Any form of Christian nationalism is an aberration of the gospel of Jesus Christ and a denial of the true identity and purpose of the church. That does not mean that as Christians we do not love the nation of our birth or the nation we have adopted. I am an American. I love America and the good she has done. But I am also critical of the country of my birth because I want her to be better and I want her also to own up to the tragedy and evil perpetrated in her history as well-- slavery, Jim Crow, the displacement of the First Americans, the Trail of Tears. History will be of no help to us moving into the future, if we selectively remember only the good things and forget or at least minimize the atrocities of the past. Any American who loves America will face history in complete honesty.

But, the one thing that Christians cannot do and still be faithful to the gospel and to the church is to have their ecclesiastical identity compromised by nationalistic interests. It must be more important to the followers of Jesus how American action in the world affects their fellow Christians in Iraq and Syria and Zimbabwe than in how it affects America. That is not always easy to distinguish, to be sure. There is often much ambiguity. But one thing is for certain and I now dare to say it-- most Christians in America did not ponder how the invasion of Iraq would decimate the church there, nor have many of them considered what is now happening to Kurdish Christians given the withdrawal of American support from northern Syria.

Yes, it is true and must be true that as a transnational community, the church must be concerned about all persons (Christian or not) since everyone is created in the image of God and is a soul for whom Jesus died. But when we fail, at the very least, to consider the implications of how nation state actions will affect our sisters and brothers in Christ around the world, we functionally default to a nationalism that can only be described as idolatrous. Such tribalism is a betrayal of what the Holy Spirit began on the Day of Pentecost.

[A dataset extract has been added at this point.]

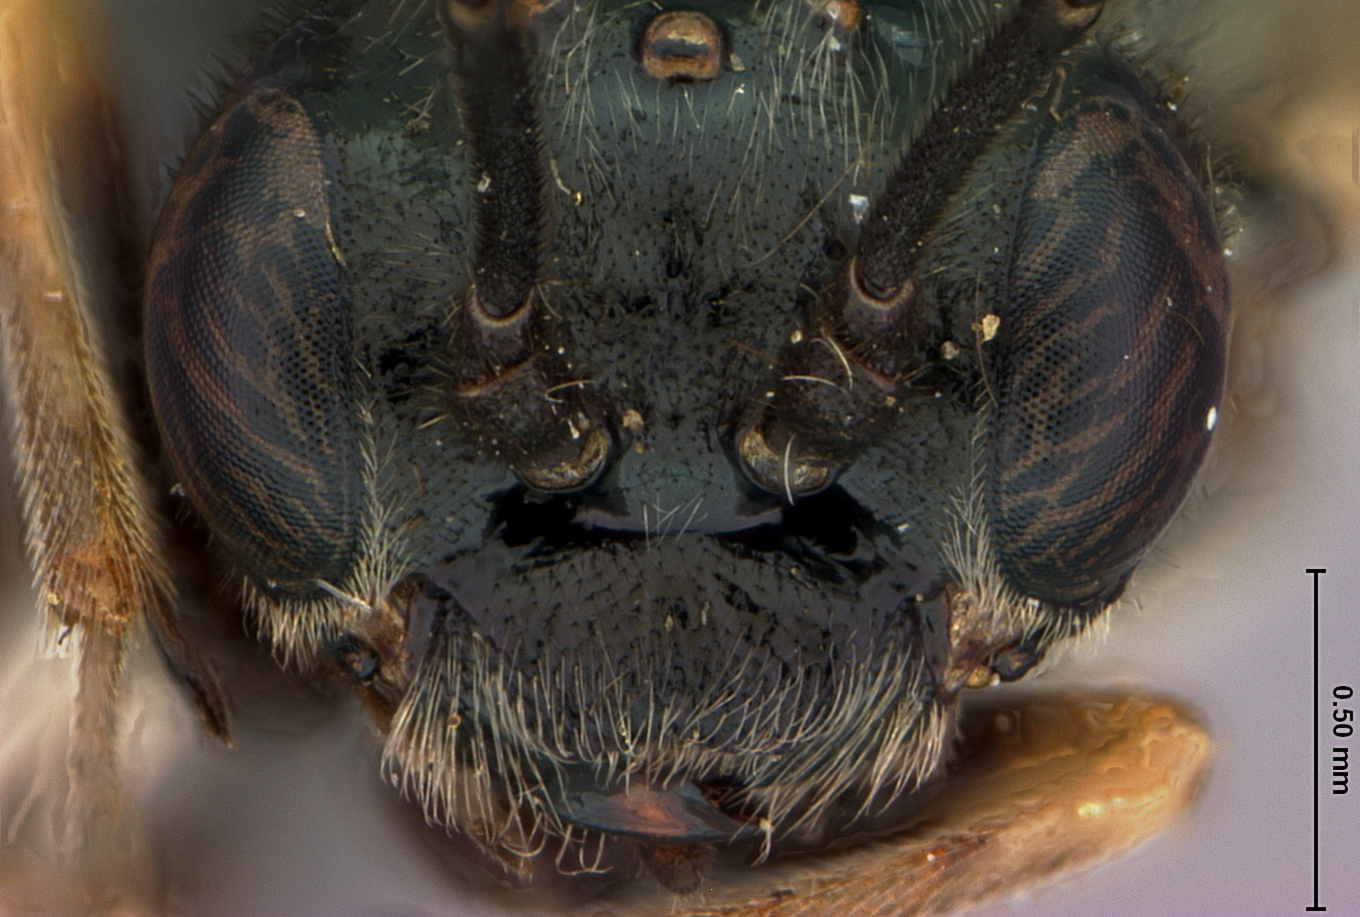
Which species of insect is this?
Claremontia typica
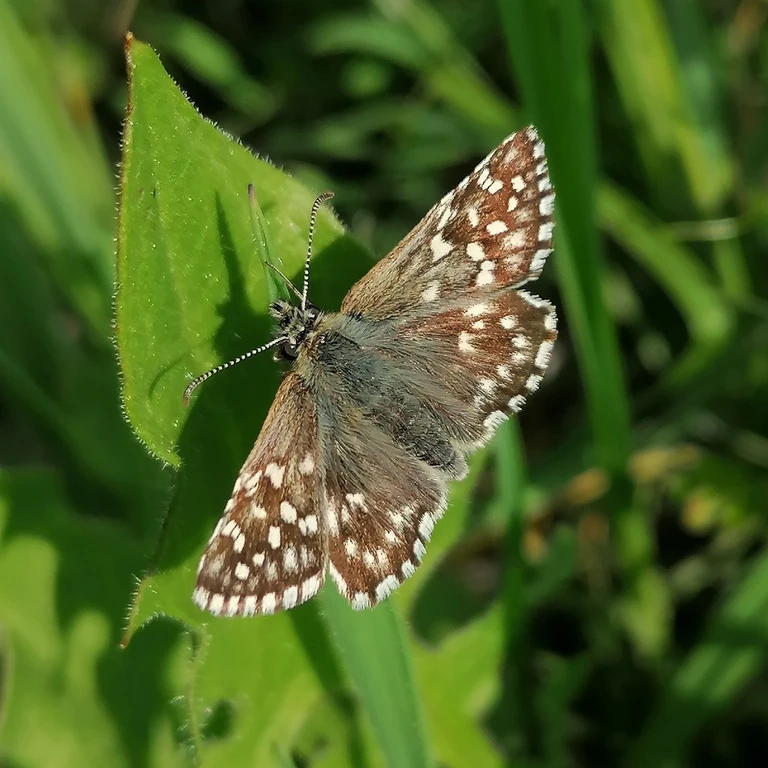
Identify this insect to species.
Pyrgus malvae

I close with a portion of the Letter to Diognetus, who was a tutor of the emperor, Marcus Aurelius (reigned 161-180 A.D.) The unknown author of this epistle truly captures the vision of the church as a transnational community.
Christians are not distinguished from other men by country, language, nor by the customs which they observe. They do not inhabit cities of their own, use a particular way of speaking, nor lead a life marked out by any curiosity. The course of conduct they follow has not been devised by the speculation and deliberation of inquisitive men. The do not, like some, proclaim themselves the advocates of merely human doctrines.
Instead, they inhabit both Greek and barbarian cities, however things have fallen to each of them. And it is while following the customs of the natives in clothing, food, and the rest of ordinary life that they display to us their wonderful and admittedly striking way of life.
They live in their own countries, but they do so as those who are just passing through. As citizens they participate in everything with others, yet they endure everything as if they were foreigners. Every foreign land is like their homeland to them, and every land of their birth is like a land of strangers.
Revelation 7:9-12 is not a vision to be fulfilled exclusively in the future; it is a reality the church of Jesus Christ must embrace in the here and now.